* Dataset content:
+++++

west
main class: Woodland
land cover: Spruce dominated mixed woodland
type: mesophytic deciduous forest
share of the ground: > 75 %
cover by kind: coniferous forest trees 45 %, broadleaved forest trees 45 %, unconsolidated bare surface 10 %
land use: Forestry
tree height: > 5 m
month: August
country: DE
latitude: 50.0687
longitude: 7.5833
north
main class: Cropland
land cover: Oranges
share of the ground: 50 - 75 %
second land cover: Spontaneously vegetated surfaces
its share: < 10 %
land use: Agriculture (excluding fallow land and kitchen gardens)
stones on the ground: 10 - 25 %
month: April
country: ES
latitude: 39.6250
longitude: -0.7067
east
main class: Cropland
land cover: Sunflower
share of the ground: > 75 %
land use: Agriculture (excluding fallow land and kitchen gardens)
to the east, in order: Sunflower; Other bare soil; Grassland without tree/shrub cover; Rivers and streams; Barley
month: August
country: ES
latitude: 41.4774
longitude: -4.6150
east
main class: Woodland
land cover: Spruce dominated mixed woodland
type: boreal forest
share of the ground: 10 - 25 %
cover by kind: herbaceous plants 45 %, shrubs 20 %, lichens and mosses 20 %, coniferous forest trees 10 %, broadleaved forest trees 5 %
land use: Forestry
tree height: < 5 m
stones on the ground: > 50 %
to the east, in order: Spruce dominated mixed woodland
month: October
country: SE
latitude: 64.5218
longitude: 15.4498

+++++

* Problem to solve: The line containing "type: mesophytic deciduous forest" marks where to begin; the last line of the records marks where to stop. Copy both and all between, exactly.

* Solution to this problem:
type: mesophytic deciduous forest
share of the ground: > 75 %
cover by kind: coniferous forest trees 45 %, broadleaved forest trees 45 %, unconsolidated bare surface 10 %
land use: Forestry
tree height: > 5 m
month: August
country: DE
latitude: 50.0687
longitude: 7.5833
north
main class: Cropland
land cover: Oranges
share of the ground: 50 - 75 %
second land cover: Spontaneously vegetated surfaces
its share: < 10 %
land use: Agriculture (excluding fallow land and kitchen gardens)
stones on the ground: 10 - 25 %
month: April
country: ES
latitude: 39.6250
longitude: -0.7067
east
main class: Cropland
land cover: Sunflower
share of the ground: > 75 %
land use: Agriculture (excluding fallow land and kitchen gardens)
to the east, in order: Sunflower; Other bare soil; Grassland without tree/shrub cover; Rivers and streams; Barley
month: August
country: ES
latitude: 41.4774
longitude: -4.6150
east
main class: Woodland
land cover: Spruce dominated mixed woodland
type: boreal forest
share of the ground: 10 - 25 %
cover by kind: herbaceous plants 45 %, shrubs 20 %, lichens and mosses 20 %, coniferous forest trees 10 %, broadleaved forest trees 5 %
land use: Forestry
tree height: < 5 m
stones on the ground: > 50 %
to the east, in order: Spruce dominated mixed woodland
month: October
country: SE
latitude: 64.5218
longitude: 15.4498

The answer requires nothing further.